Tobias Christl, born 1978, is a rarity, a singer the likes of which there never was before in German jazz. Neither a crooner nor a scatter, and least of all a pop musician disguised as a jazzer. Much more a storyteller, somewhere between indie and improvisation. A Berliner by choice, Christl is a vocal artist, a songwriter, improviser, speaker, composer, DJ and co- founder of the Cologne KLAENG collective. He plays piano and keyboards, clarinet and guitar, and studied, among others, under Theo Bleckmann in New York.

'Wildern' (poaching) is the title of his ACT Young German Jazz debut. Why? 'What we like to hunt most are good songs', he says. 'Wildern' is a foray through the dense underbrush of four decades of pop music, through songs from greats like Leonard Cohen, The Smiths, Björk, A-HA, Joy Division, Lana Del Rey, Paul Simon, Tom Waits and Rio Reiser.
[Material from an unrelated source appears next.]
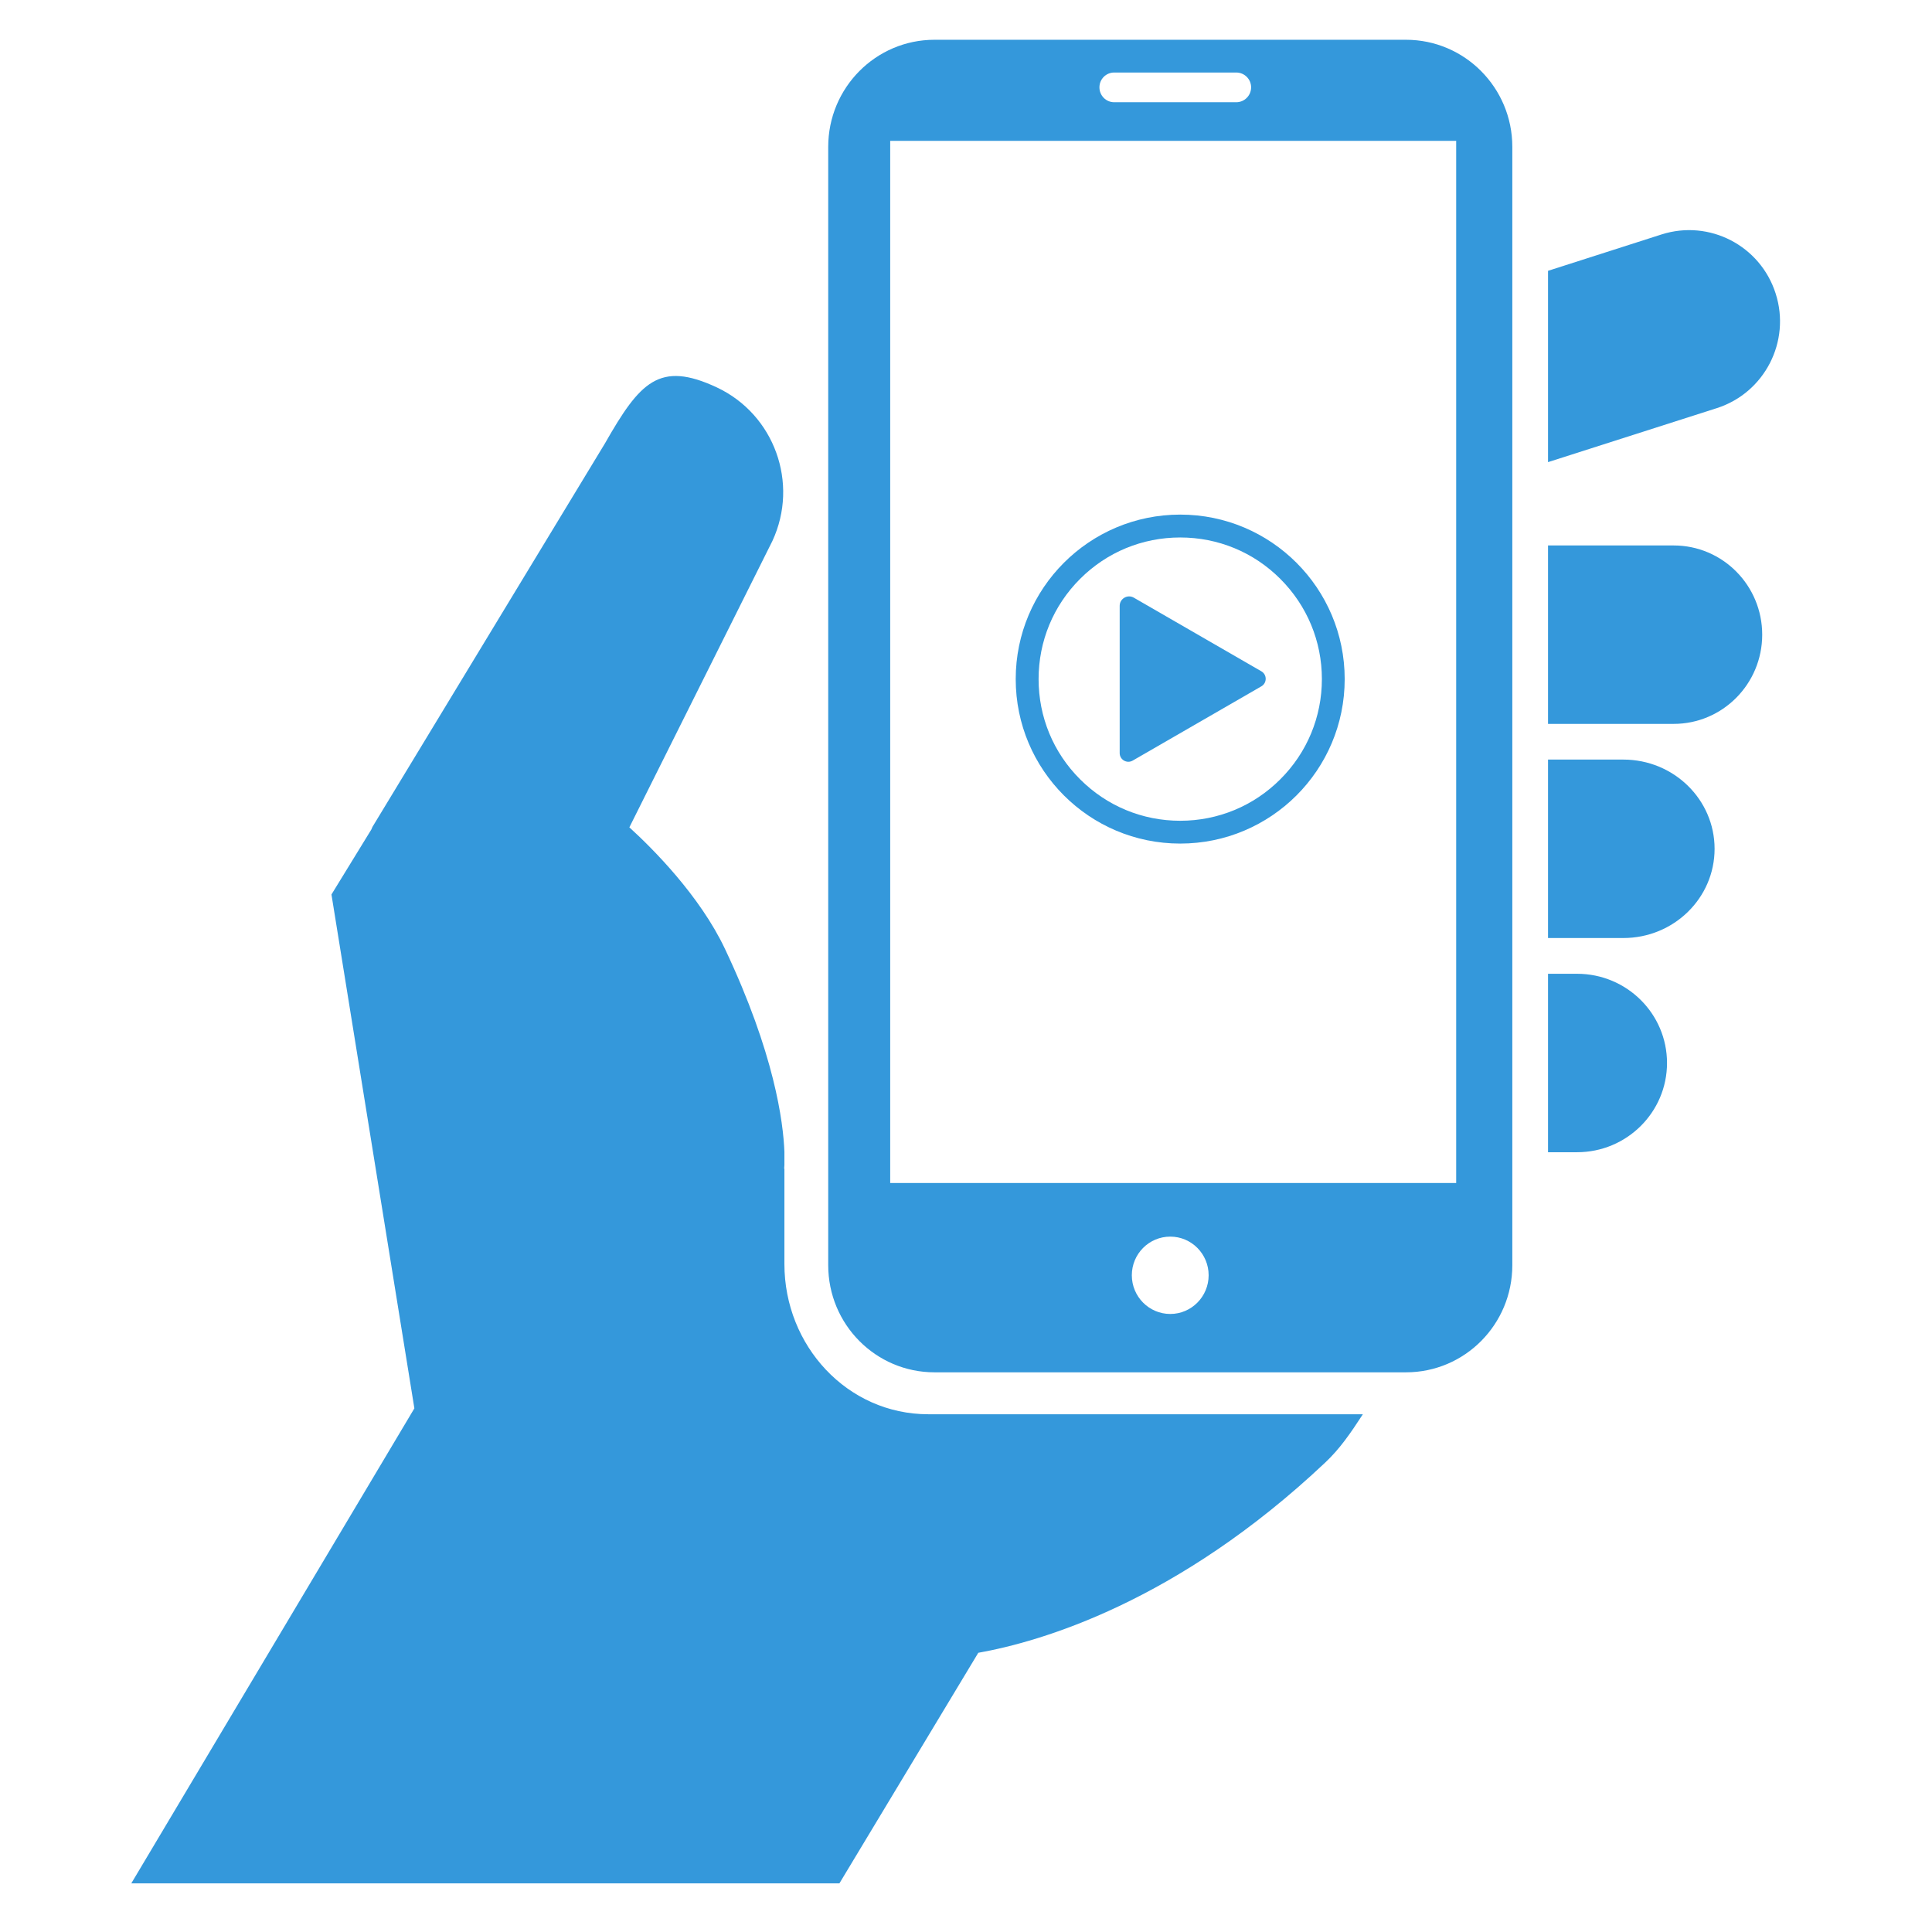 <svg xmlns="http://www.w3.org/2000/svg" xmlns:xlink="http://www.w3.org/1999/xlink" width="150" zoomAndPan="magnify" viewBox="0 0 112.5 112.5" height="150" preserveAspectRatio="xMidYMid meet" version="1.2"><defs><clipPath id="b73cb6c8cd"><path d="M 7.254 21 L 80 21 L 80 109.855 L 7.254 109.855 Z M 7.254 21 "/></clipPath><clipPath id="a123c1cf48"><path d="M 48 2.332 L 89 2.332 L 89 80 L 48 80 Z M 48 2.332 "/></clipPath><clipPath id="d89939ef0a"><path d="M 59.145 29.965 L 78.559 29.965 L 78.559 49.379 L 59.145 49.379 Z M 59.145 29.965 "/></clipPath></defs><g id="2f9223a438"><path style=" stroke:none;fill-rule:nonzero;fill:#3498db;fill-opacity:1;" d="M 103.398 17.098 C 102.512 14.305 99.539 12.762 96.75 13.652 L 90.141 15.77 L 90.141 26.91 L 99.969 23.766 C 102.75 22.875 104.289 19.887 103.398 17.098 Z M 103.398 17.098 "/><g clip-rule="nonzero" clip-path="url(#b73cb6c8cd)"><path style=" stroke:none;fill-rule:nonzero;fill:#3498db;fill-opacity:1;" d="M 45.676 73.605 L 45.676 68.055 L 45.66 68.043 C 45.66 68.043 45.672 67.977 45.676 67.836 L 45.676 67.066 C 45.609 65.344 45.102 61.355 42.215 55.254 C 40.75 52.156 38.008 49.414 36.648 48.176 L 44.977 31.5 C 46.539 28.133 45.09 24.133 41.742 22.559 C 38.391 20.992 37.266 22.242 35.23 25.812 L 21.691 48.145 L 21.621 48.305 L 19.301 52.086 L 24.129 82.008 L 7.645 109.668 L 48.879 109.668 L 56.965 96.242 C 60.566 95.602 68.535 93.309 77.176 85.156 C 78.027 84.352 78.629 83.473 79.359 82.352 L 54.059 82.352 C 49.332 82.352 45.676 78.359 45.676 73.605 Z M 45.676 73.605 "/></g><path style=" stroke:none;fill-rule:nonzero;fill:#3498db;fill-opacity:1;" d="M 97.457 31.762 L 90.141 31.762 L 90.141 42.152 L 97.457 42.152 C 100.305 42.152 102.613 39.824 102.613 36.957 C 102.613 34.086 100.305 31.762 97.457 31.762 Z M 97.457 31.762 "/><path style=" stroke:none;fill-rule:nonzero;fill:#3498db;fill-opacity:1;" d="M 94.527 44.23 L 90.141 44.23 L 90.141 54.621 L 94.527 54.621 C 97.461 54.621 99.84 52.297 99.84 49.426 C 99.84 46.559 97.461 44.23 94.527 44.23 Z M 94.527 44.23 "/><path style=" stroke:none;fill-rule:nonzero;fill:#3498db;fill-opacity:1;" d="M 91.832 56.703 L 90.141 56.703 L 90.141 67.094 L 91.832 67.094 C 94.723 67.094 97.07 64.766 97.07 61.898 C 97.07 59.031 94.727 56.703 91.832 56.703 Z M 91.832 56.703 "/><g clip-rule="nonzero" clip-path="url(#a123c1cf48)"><path style=" stroke:none;fill-rule:evenodd;fill:#3498db;fill-opacity:1;" d="M 84.793 68.887 L 51.836 68.887 L 51.836 8.203 L 84.793 8.203 Z M 68.145 76.512 C 66.906 76.512 65.906 75.5 65.906 74.258 C 65.906 73.016 66.906 72.008 68.145 72.008 C 69.379 72.008 70.379 73.016 70.379 74.258 C 70.379 75.5 69.379 76.512 68.145 76.512 Z M 64.879 4.223 L 71.988 4.223 C 72.465 4.223 72.852 4.609 72.852 5.086 C 72.852 5.562 72.465 5.953 71.988 5.953 L 64.879 5.953 C 64.402 5.953 64.02 5.562 64.02 5.086 C 64.02 4.609 64.402 4.223 64.879 4.223 Z M 81.871 2.316 L 54.414 2.316 C 50.996 2.316 48.227 5.109 48.227 8.551 L 48.227 73.672 C 48.227 77.121 50.996 79.91 54.414 79.91 L 81.871 79.91 C 85.293 79.91 88.062 77.121 88.062 73.672 L 88.062 8.551 C 88.062 5.109 85.289 2.316 81.871 2.316 Z M 81.871 2.316 "/></g><path style=" stroke:none;fill-rule:nonzero;fill:#3498db;fill-opacity:1;" d="M 73.449 39.09 L 66.027 34.805 C 65.66 34.59 65.199 34.855 65.199 35.281 L 65.199 43.852 C 65.199 44.242 65.621 44.484 65.957 44.289 L 73.449 39.965 C 73.785 39.77 73.785 39.285 73.449 39.09 "/><g clip-rule="nonzero" clip-path="url(#d89939ef0a)"><path style=" stroke:none;fill-rule:nonzero;fill:#3498db;fill-opacity:1;" d="M 74.555 45.375 C 73 46.934 70.926 47.793 68.723 47.793 C 66.52 47.793 64.449 46.934 62.891 45.375 C 61.332 43.82 60.477 41.746 60.477 39.543 C 60.477 37.34 61.332 35.27 62.891 33.711 C 64.449 32.152 66.52 31.297 68.723 31.297 C 70.926 31.297 73 32.152 74.555 33.711 C 76.113 35.27 76.973 37.34 76.973 39.543 C 76.973 41.746 76.113 43.82 74.555 45.375 Z M 68.723 29.965 C 63.434 29.965 59.145 34.254 59.145 39.543 C 59.145 44.836 63.434 49.121 68.723 49.121 C 74.012 49.121 78.301 44.836 78.301 39.543 C 78.301 34.254 74.012 29.965 68.723 29.965 "/></g></g></svg>

With an audible joy in deconstructing, tearing down and rebuilding, truly new music is created in this jazz-quintet setting; music rich in rough edges, contrasts, breaks and unexpected turns. All the while, the soul of the songs is preserved. Some might say it is truly laid open. Listening to the first ten thrilling seconds of the opener 'Sound Of Silence', you will soon understand what they mean.

The songs on 'Wildern' are more than just reinterpretations. Christl: 'Each version is an homage that tries to show the original in a new light. If you move the spotlight a fraction away from the centre of a song, a whole new context arises. If you can then succeed in separating that from the original and allowing it to grow free, a new, emancipated version is born, just as if the mother song has given life to a wildly pubescent child that doesn't dream of adhering to rhythmic constraints.'

For Tobias Christl, and for the entire Young German Jazz generation, there has never been a pure school of jazz. Their concept of jazz defines itself quite naturally from the sum of all their personal influences and impressions, regardless of what genre they come from, and from the desire to create something of their own that doesn't – and shouldn't – fit into any predefined category. And so, 'Wildern' is not crossover or fusion – it is quite simply jazz. Full stop.